IF YOU CAN’T SAY SOMETHING NICE, PART FOUR
Let’s keep this going! Time to say something nice about…
KEEPING UP WITH THE JONESES
Wait, did I even see Keeping Up With the Joneses?
Um. Yyyyes. Yes I did.
Couldn’t remember for a minute there. That’s, uh, that’s probably a bad sign.
This was that comedy in which Zach Galifianakis and Isla Fisher are ordinary married shlubs, who get swept into a world of danger and espionage when their sexy new neighbours (John Hamm and Gal Gadot) turn out to be secret agents.
And now, you’re all thinking “Oh yeah! That movie! Umm … I can’t remember if I saw that one, either.” Again, not a good sign.

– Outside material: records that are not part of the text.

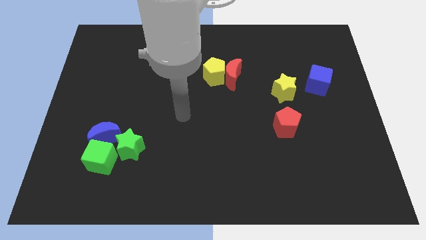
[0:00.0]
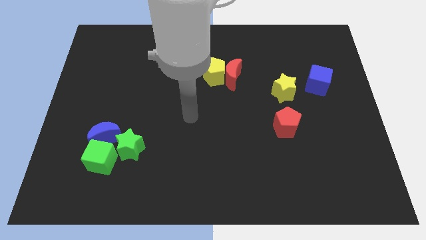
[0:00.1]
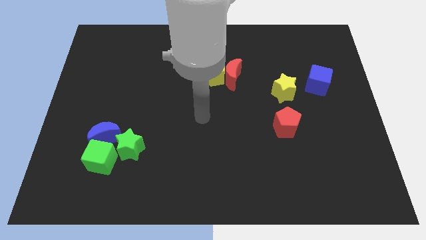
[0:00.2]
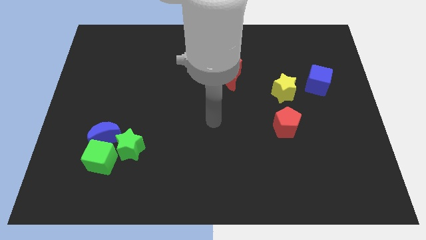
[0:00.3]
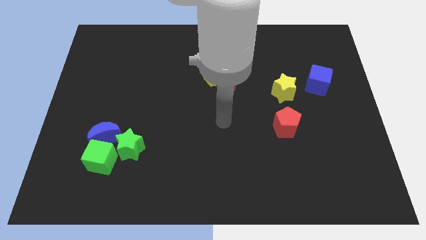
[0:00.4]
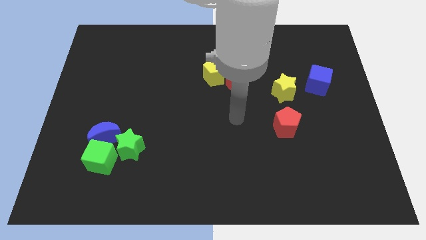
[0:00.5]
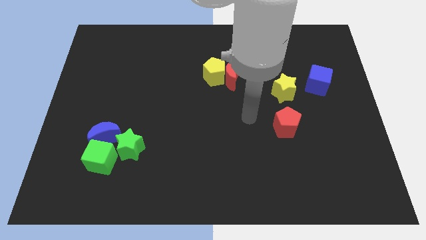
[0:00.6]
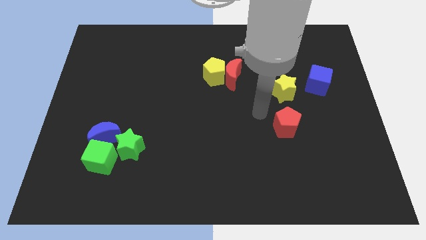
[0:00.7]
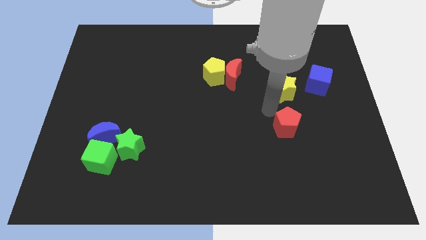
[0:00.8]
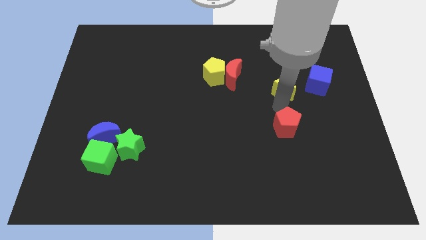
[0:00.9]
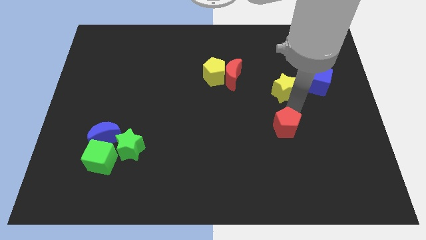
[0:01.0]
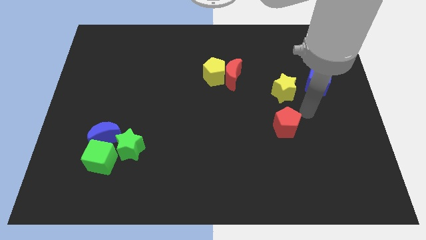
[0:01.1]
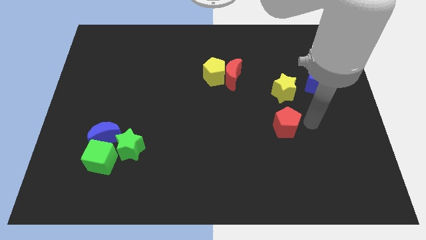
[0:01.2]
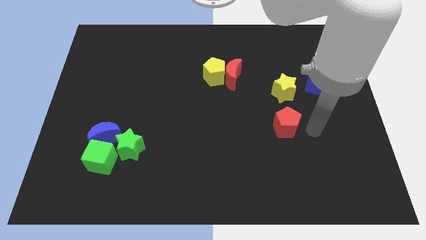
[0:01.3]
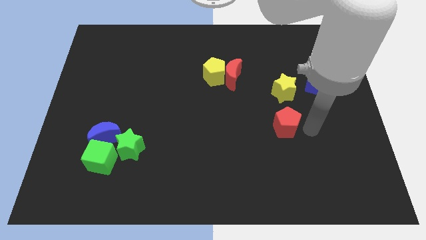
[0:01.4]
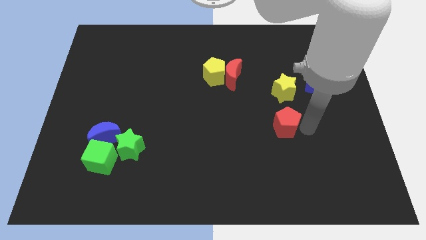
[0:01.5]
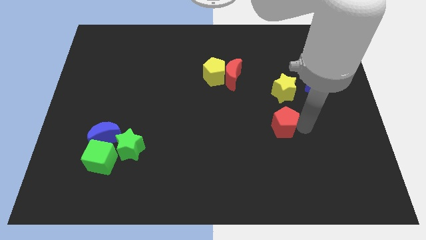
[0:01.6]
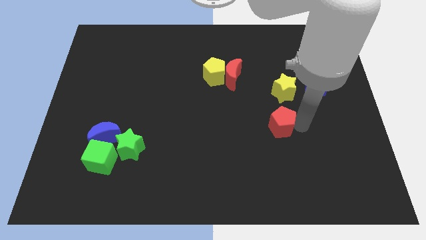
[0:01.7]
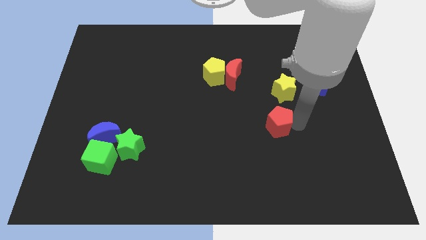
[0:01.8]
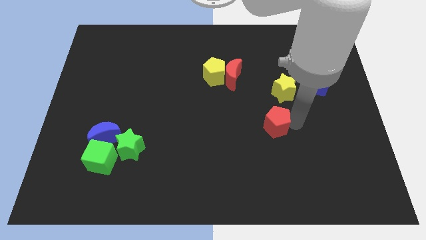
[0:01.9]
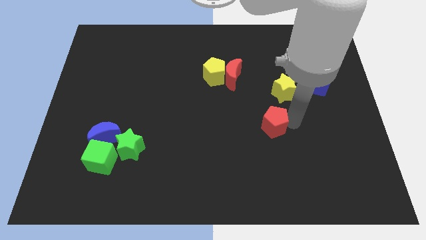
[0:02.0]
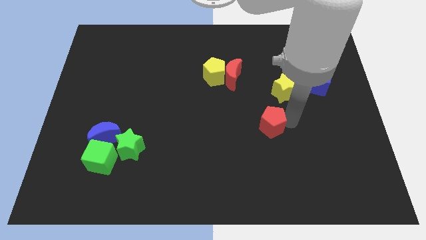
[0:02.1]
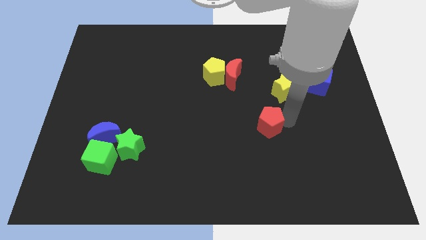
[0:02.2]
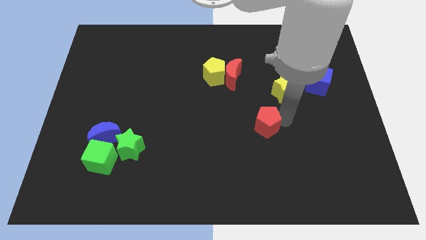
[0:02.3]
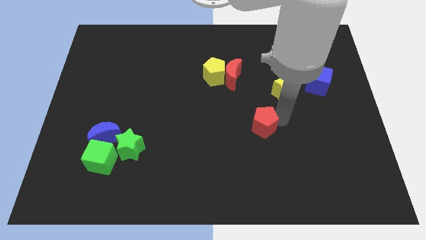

Which isn’t to say that this film is horrible. It’s actually quite enjoyable; it just leaves no lasting impression. Think of it as comedy candyfloss: pleasant, but it vanishes the second you experience it.
These are actors we like, in a situation full of promise, so we glide through the film enjoying the potential it has, forgiving it for not doing anything interesting, and smiling during the funny bits, because we recognize them, because we saw them already, in the trailer.
So, does anything stand out about it? Well, yes.
THE BEST BIT
As the stuffy, “normal” couple get further and further enmeshed in quasi-legal spy shenanigans, Galifianakis fumbles with a secret, high-tech infiltration weapon, and accidentally shoots his wife with a poison dart. She falls unconscious immediately, and Galifianakis must now carry his immobile spouse over his shoulder, all while evading enemy agents, and terrified that he might have caused permanent damage.
Or, at least that’s probably how the scene was originally written. What actually happens is we keep hearing “funny” comments coming from Fisher’s limp body, giggling and telling hubby how horny she is.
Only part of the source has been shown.